[Items from a data source]
☆ ☆ ☆ ☆

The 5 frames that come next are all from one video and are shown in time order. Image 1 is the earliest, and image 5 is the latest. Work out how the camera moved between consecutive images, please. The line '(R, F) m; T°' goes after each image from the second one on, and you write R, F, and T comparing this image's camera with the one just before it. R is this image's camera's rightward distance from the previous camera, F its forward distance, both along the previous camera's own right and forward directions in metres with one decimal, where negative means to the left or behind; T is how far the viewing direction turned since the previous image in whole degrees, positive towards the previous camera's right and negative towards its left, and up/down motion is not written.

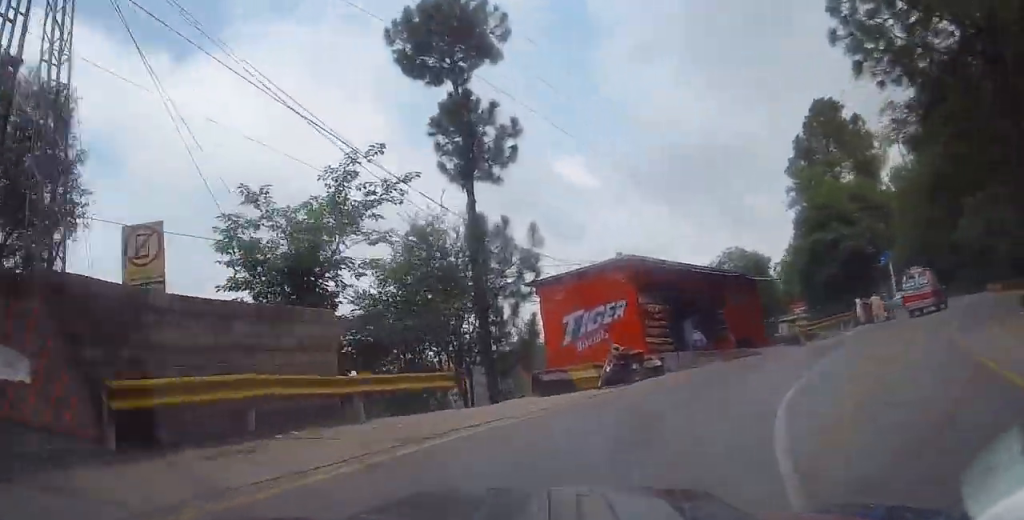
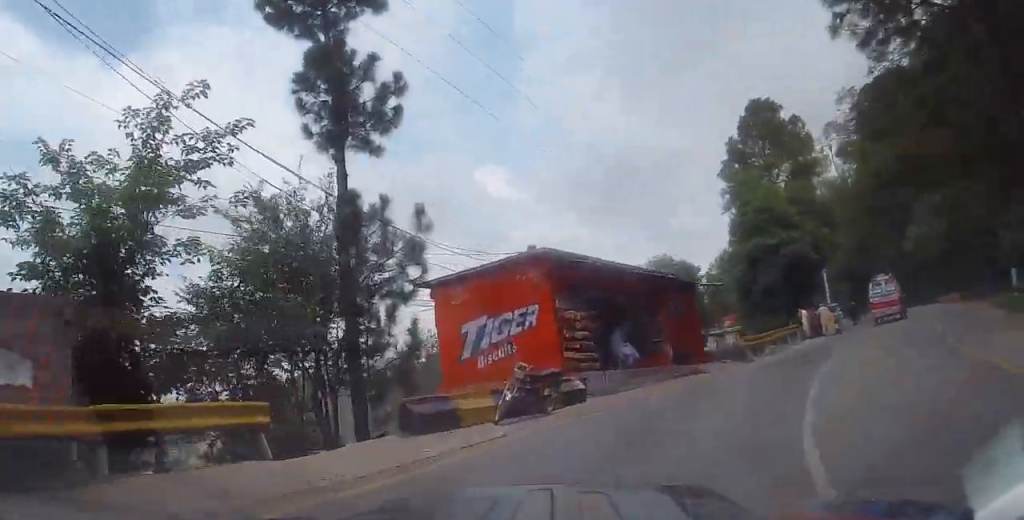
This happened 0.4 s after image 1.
(-0.3, +4.2) m; +5°
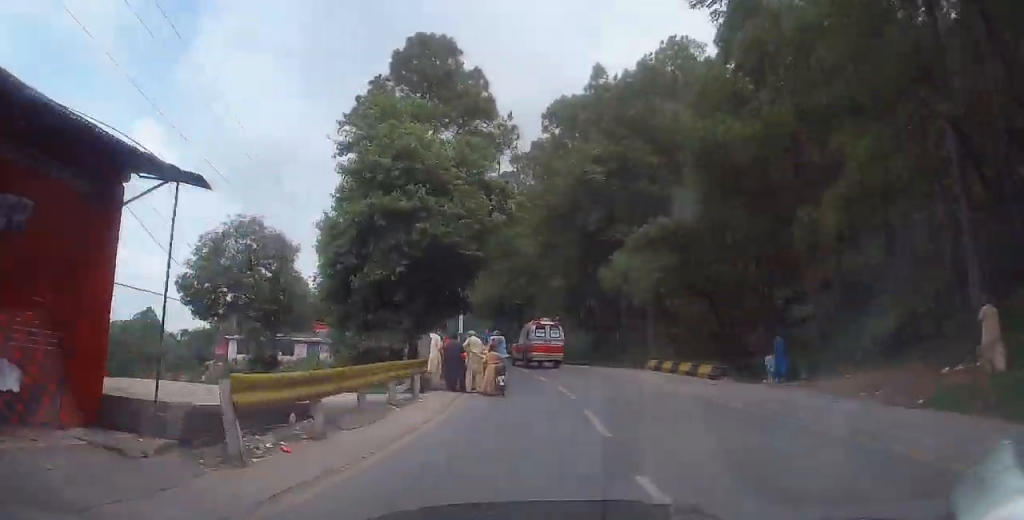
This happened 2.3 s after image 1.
(+5.8, +15.7) m; +32°
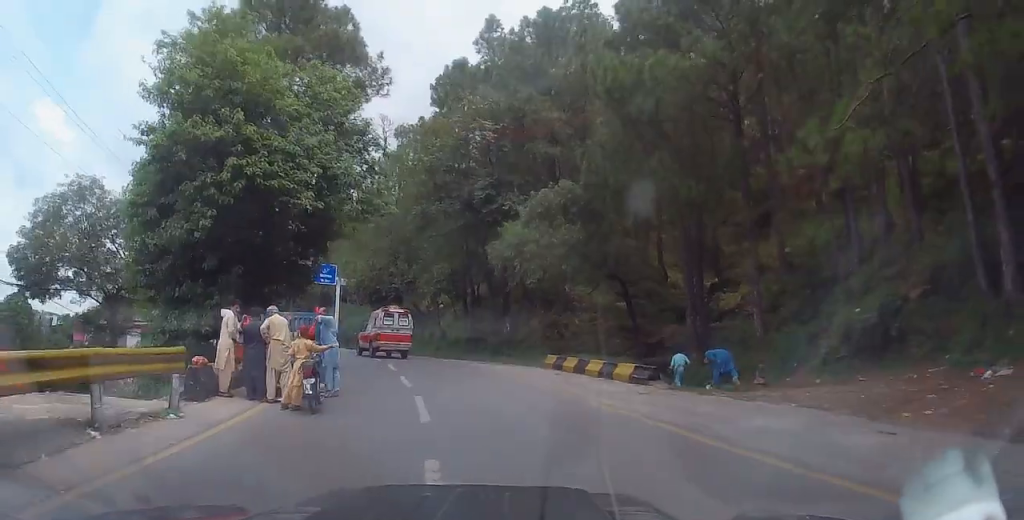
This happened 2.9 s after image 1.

☆ ☆ ☆ ☆

What is required — At the line containing "This happened 2.3 s after image 1.", begin reproducing the entries word for word, and continue through their last line. Leave out the pictures.

Reply to the exercise —
This happened 2.3 s after image 1.
(+5.8, +15.7) m; +32°
This happened 2.9 s after image 1.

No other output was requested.